DLTcollab / sse2neon

A translator from Intel SSE intrinsics to Arm/Aarch64 NEON implementation

Geek Repo:Geek Repo

Github PK Tool:Github PK Tool

Consolidate `_mm_prefetch`

jserv opened this issue · comments

Current _mm_prefetch does not behave as Intel documentation states:

Fetch the line of data from memory that contains address p to a location in the cache heirarchy specified by the locality hint i.

We shall consolidate:

  1. Refine the function prototype. i.e., void _mm_prefetch(char const *p, int i)
  2. Provide the corresponding test cases. See test/x86/sse.c (Function test_simde_mm_prefetch)
  3. Properly manipulate the locality hint.

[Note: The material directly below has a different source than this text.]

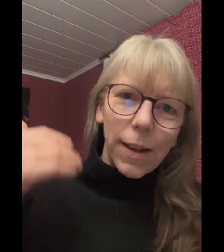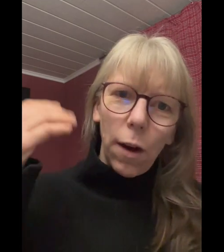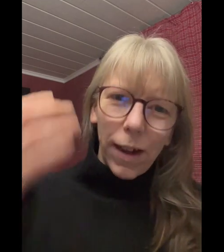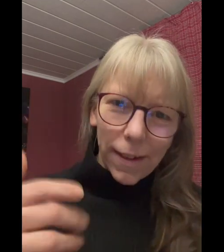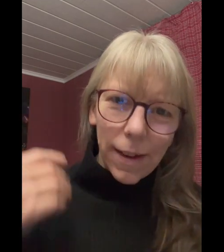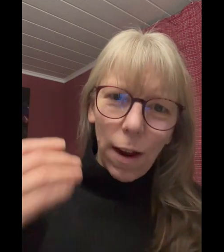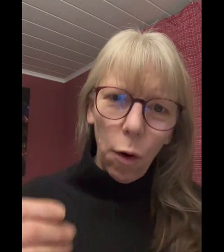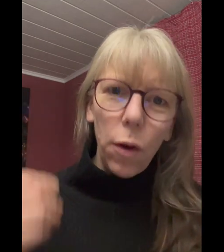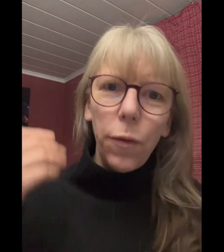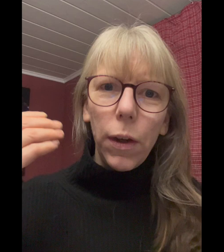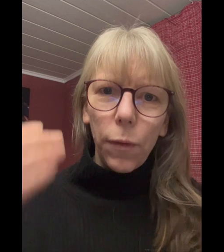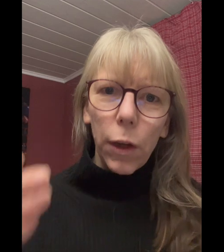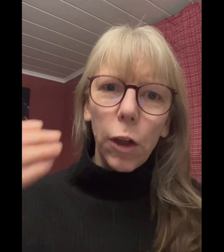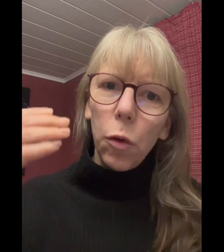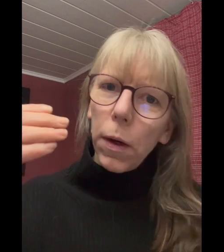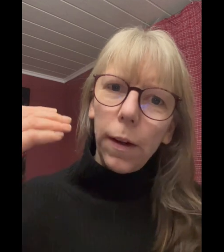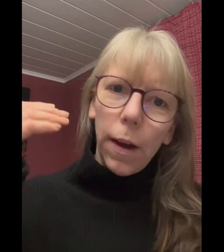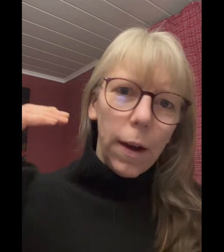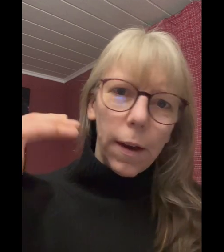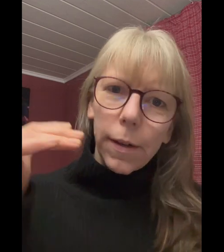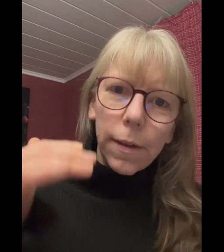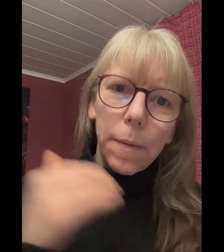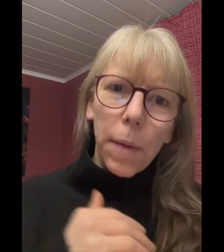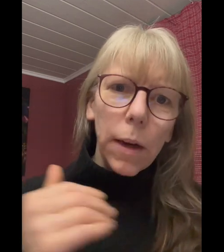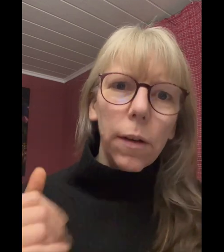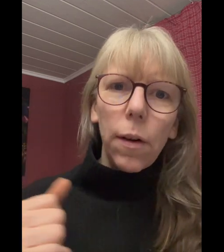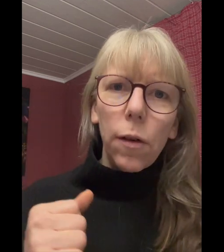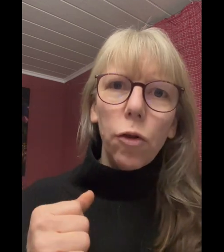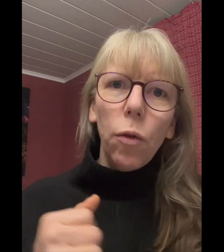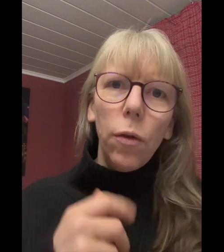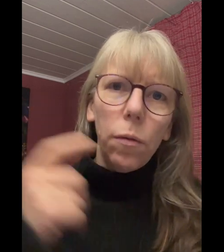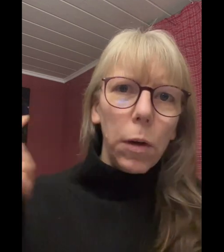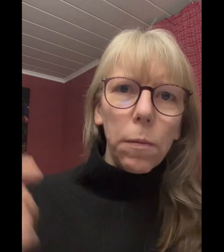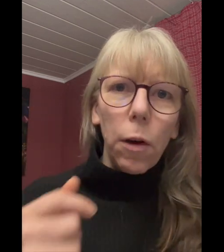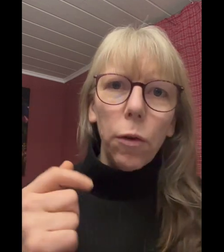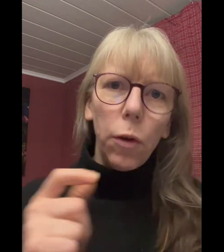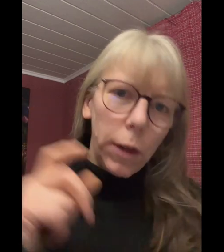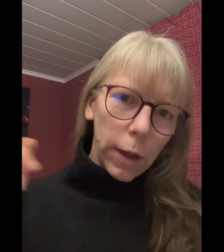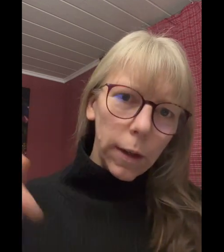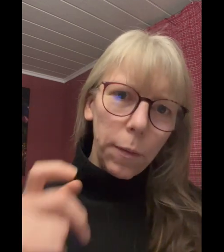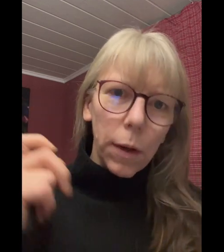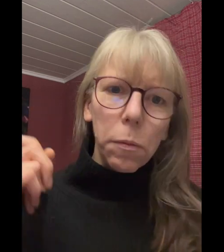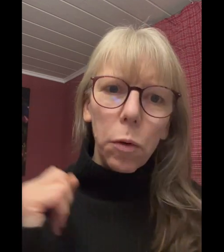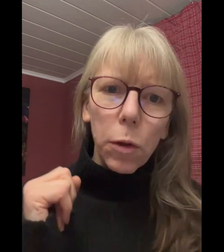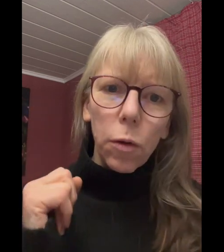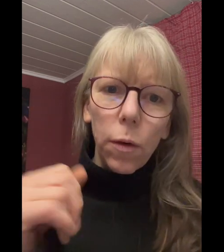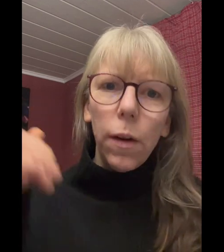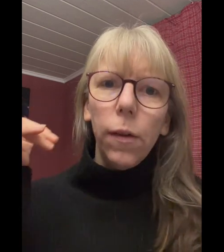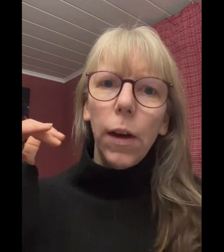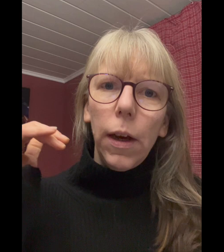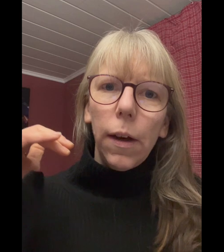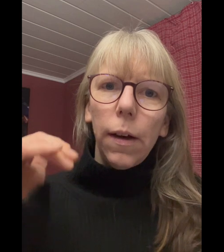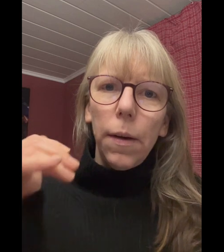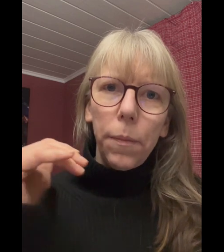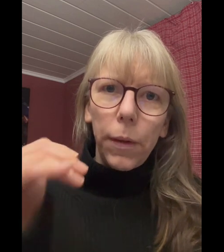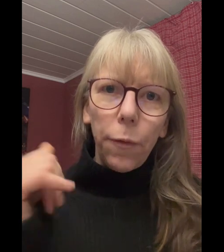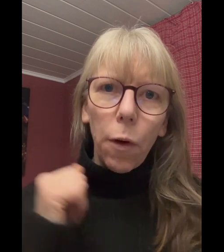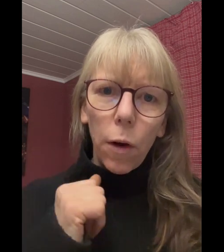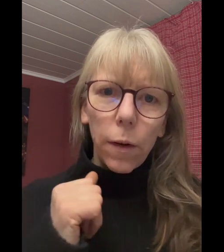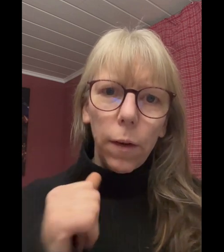sehr häufig, wirklich über die 6, 7, 8 Stunden, manchmal auch 9, je nachdem wie das mit Überstunden ist, sie vor Ort ist

The implementation from SIMDe:

void simde_mm_prefetch (const void* p, int i) {
    switch(i) {
      case SIMDE_MM_HINT_NTA:
        __builtin_prefetch(p, 0, 0);
        break;
      case SIMDE_MM_HINT_T0:
        __builtin_prefetch(p, 0, 3);
        break;
      case SIMDE_MM_HINT_T1:
        __builtin_prefetch(p, 0, 2);
        break;
      case SIMDE_MM_HINT_T2:
        __builtin_prefetch(p, 0, 1);
        break;
      case SIMDE_MM_HINT_ENTA:
        __builtin_prefetch(p, 1, 0);
        break;
      case SIMDE_MM_HINT_ET0:
        __builtin_prefetch(p, 1, 3);
        break;
      case SIMDE_MM_HINT_ET1:
        __builtin_prefetch(p, 1, 2);
        break;
      case SIMDE_MM_HINT_ET2:
        __builtin_prefetch(p, 0, 1);
        break;
    }
}

Reference: SIMDe Issue #897.

Evan Nemerson, the original author of SIMDe, commented as following:

ARM C Language Extensions (ACLE) has __pld and, in 1.1+, __pldx. VS is the only ARM compiler I'm aware of targeting ARM which doesn’t support ACLE.

@howjmay, you should check if the generated code with __builtin_prefetch is identical to the counterpart with __pld or __pldx.